Many in the Southland golf scene state Angel Yin’s legend started when she was the youngest qualifier ever for the Women’s U.S. Open, this at Industry Hills in 2010. Angel was 10.
“My sister Kim was in her 30s, and she had won on the Asian Tour and she played with Angel in the first round. On the first hole she outdrove my sister by 40 yards!” said Bob Laskin, long-time teaching pro at Trabucco Hills GC who serves as Angel’s teacher. “Angel was a legend even before I got to meet her.”
Yin’s junior tournament success around the country through her teen years elevated her status, to be sure. To the nation, it was the 2017 Solheim Cup. That’s when many saw some of that prodigious Yin talent on the 18th tee in Sunday’s singles match against Karine Icher of France, pivotal, as it turned out, for the U.S. team to retain the cup. This is how Inkster described it:
“It was on the 18th hole, 240 to carry the bunkers on the right. Icher [pronounced “Ike-er”] hits it out left of the bunker. Angel gets up there and just pounds it over the bunker. It’s like she says, ‘what bunker?’ She likes getting after it, hitting the big dog. You can’t teach that distance. She’s just got it. It’s called talent.”
Yin’s play in the 2015 Junior Solheim Cup first caught Inkster’s eye, and she played with Yin that year in an exhibition match in Mexico City. From that point on they stayed in touch. In the ensuing time Yin played practice rounds with Stacy Lewis and Michelle Wie and it became clear that Yin could hang with the big stars.
“They were all pro Angel,” Inkster said. “And last year she’d see me and say ‘I’m working hard, I want to make the team.’ I had dinner with her and then a lunch and I saw that she was comfortable. I knew she could succeed.”

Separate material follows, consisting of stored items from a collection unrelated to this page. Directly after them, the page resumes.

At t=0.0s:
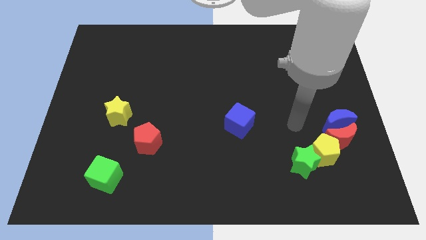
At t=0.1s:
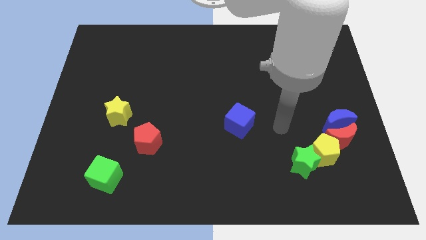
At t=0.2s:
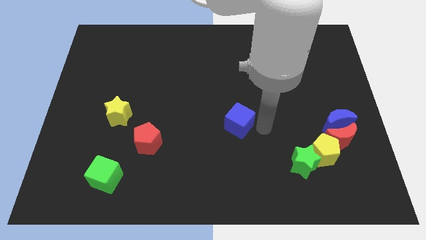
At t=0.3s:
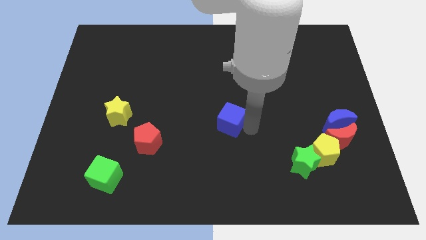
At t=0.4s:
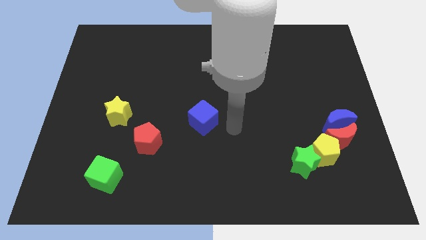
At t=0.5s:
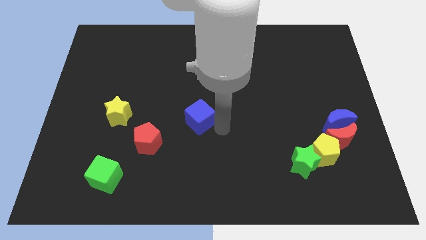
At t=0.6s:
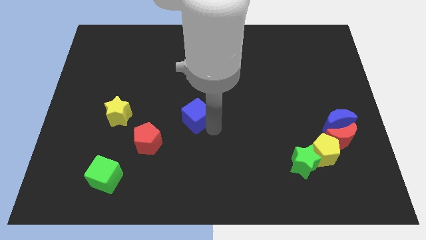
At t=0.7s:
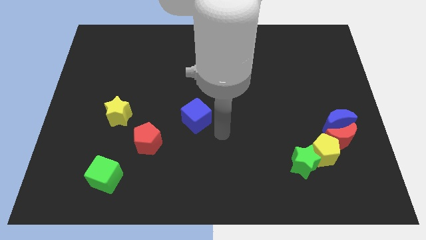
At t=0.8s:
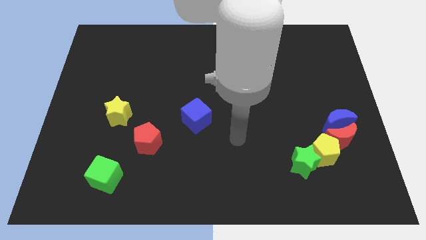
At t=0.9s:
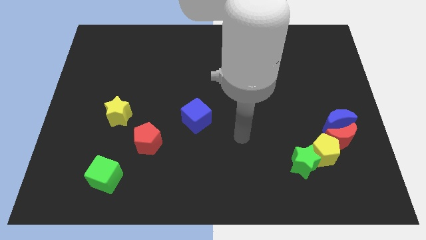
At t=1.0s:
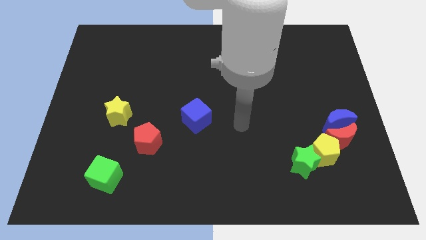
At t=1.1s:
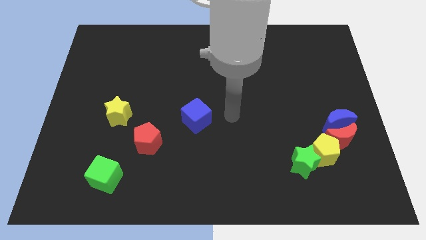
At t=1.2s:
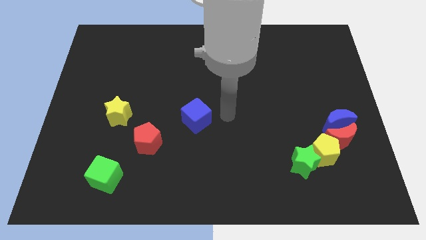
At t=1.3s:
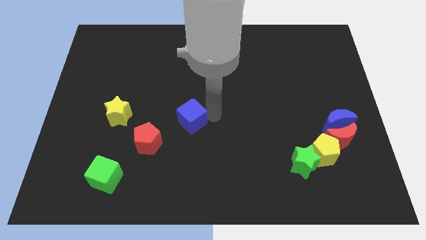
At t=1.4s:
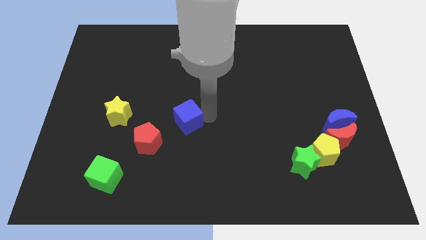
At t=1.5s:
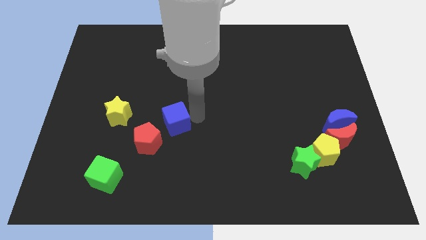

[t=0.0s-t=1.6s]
push the blue cube slightly towards the red pentagon

Yin, who finished the three-day Solheim 1-1-1, knocked in the par putt in her singles match that secured a tie and, more importantly, retained the Cup. That moment in front of thousands at Des Moine CC and millions on TV was, in many respects, something that came naturally for a girl who first picked up a golf club at age 6, who won her first local tournament at 7, and then at 8 won her age group at the prestigious Junior World in San Diego.
“I always knew I could play,” Yin said. “I knew I could play when I was six. I won the Junior World and knew. I knew it was for me. Not every parent listens to their 6 year old when that child says this is what they are going to do with the rest of her life.”
Missing the Train
When do you decide to make the leap out of the comfort zone? To finalize, as it were, your life’s dream? For Angel, it came after discussions with Laskin and USC Women’s Golf Coach Andrea Gaston, who also knew Laskin well.

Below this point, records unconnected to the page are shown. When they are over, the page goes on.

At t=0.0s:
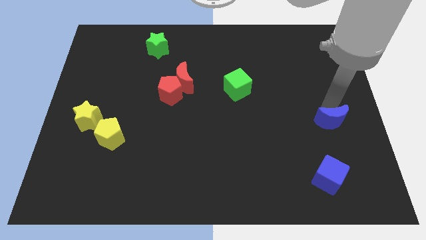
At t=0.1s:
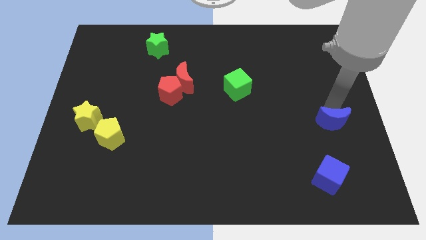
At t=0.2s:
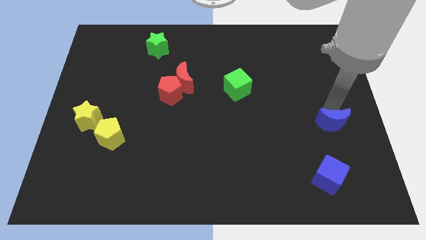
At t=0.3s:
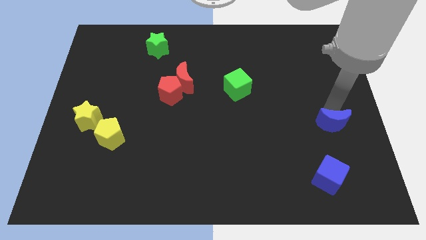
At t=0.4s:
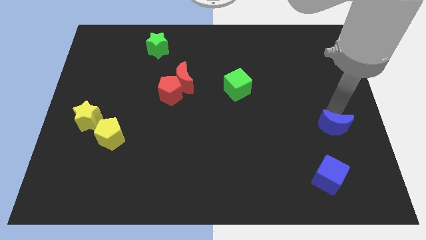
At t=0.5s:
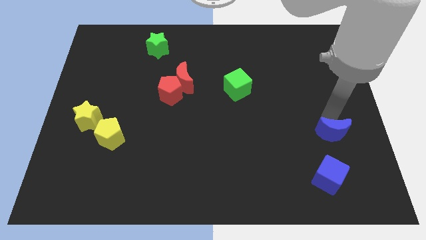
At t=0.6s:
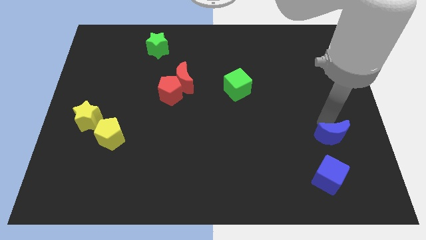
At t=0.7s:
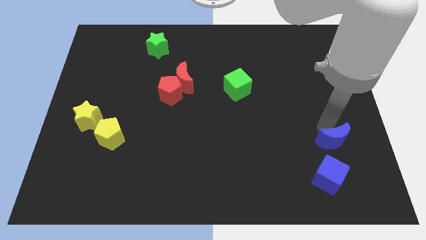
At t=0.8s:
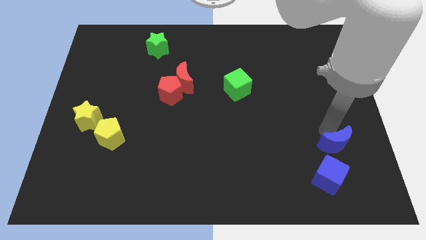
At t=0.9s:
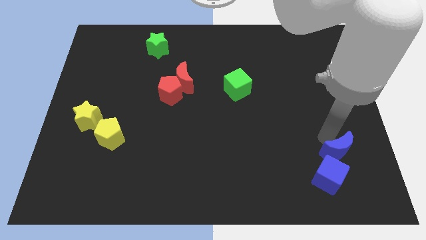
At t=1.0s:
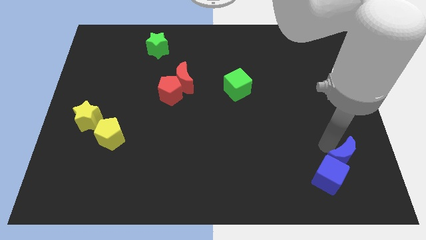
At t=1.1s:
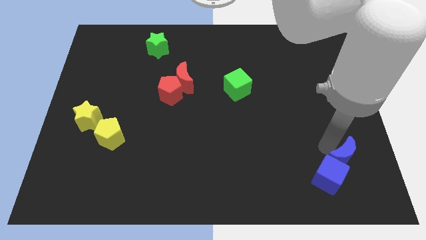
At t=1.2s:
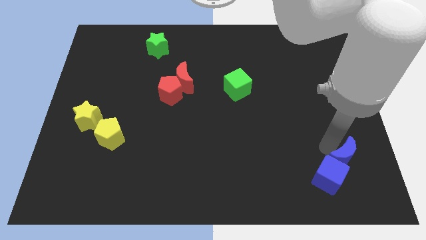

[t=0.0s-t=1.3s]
move the blue crescent into the top side of the blue cube

“Andrea’s all about having a kid for four years,” Laskin said. “There have been a lot of good players through there, and Andrea made it known she’d let Angel play only one year before turning pro. It was the only time I heard her say that.”
Added Gaston, “I felt she would have been a wonderful addition to our team because of her relationship with our players. We discussed her going to European Q-school, and at that time, I knew that if she qualified, she would probably turn pro and give it a go. So to answer your question, I would have made an exception.”
Angel at the time was too young to try for the LPGA, so it was off to the Ladies European Tour (LET).
“It’s like, if I made the pros, I’d get on this train,” Angel continued, metaphorically. “And if I went to college, I’d go another way, and with the way it can work out it can be a different world. I could miss that train. It changes your whole life.”
Yin and mother Michelle flew to Marrakech, Morocco in December 2015. Cold, windy, a foreign country, players playing for not for their dreams but livelihoods. Yet Yin made the cut but more challenges presented themselves. Her mother, Michelle, who emigrated from China, speaks English as a second language. She accompanied Angel to those European sites, often caddying for her daughter.
“Mom doesn’t like to stay in unfamiliar places so after a tournament we’d come back home, and go back a week later. That made the expenses outrageous,” Yin pointed out. “I had to finish Top 10 to break even.”
“The hardest part was the long flights,” said mother Michelle. “The cold weather early in the year, not good for my knees. The sitting on the plane. And I caddied for her using a pull cart. One tournament she was in the final 10 groups, they said I couldn’t use the pull cart. I had to carry the bag.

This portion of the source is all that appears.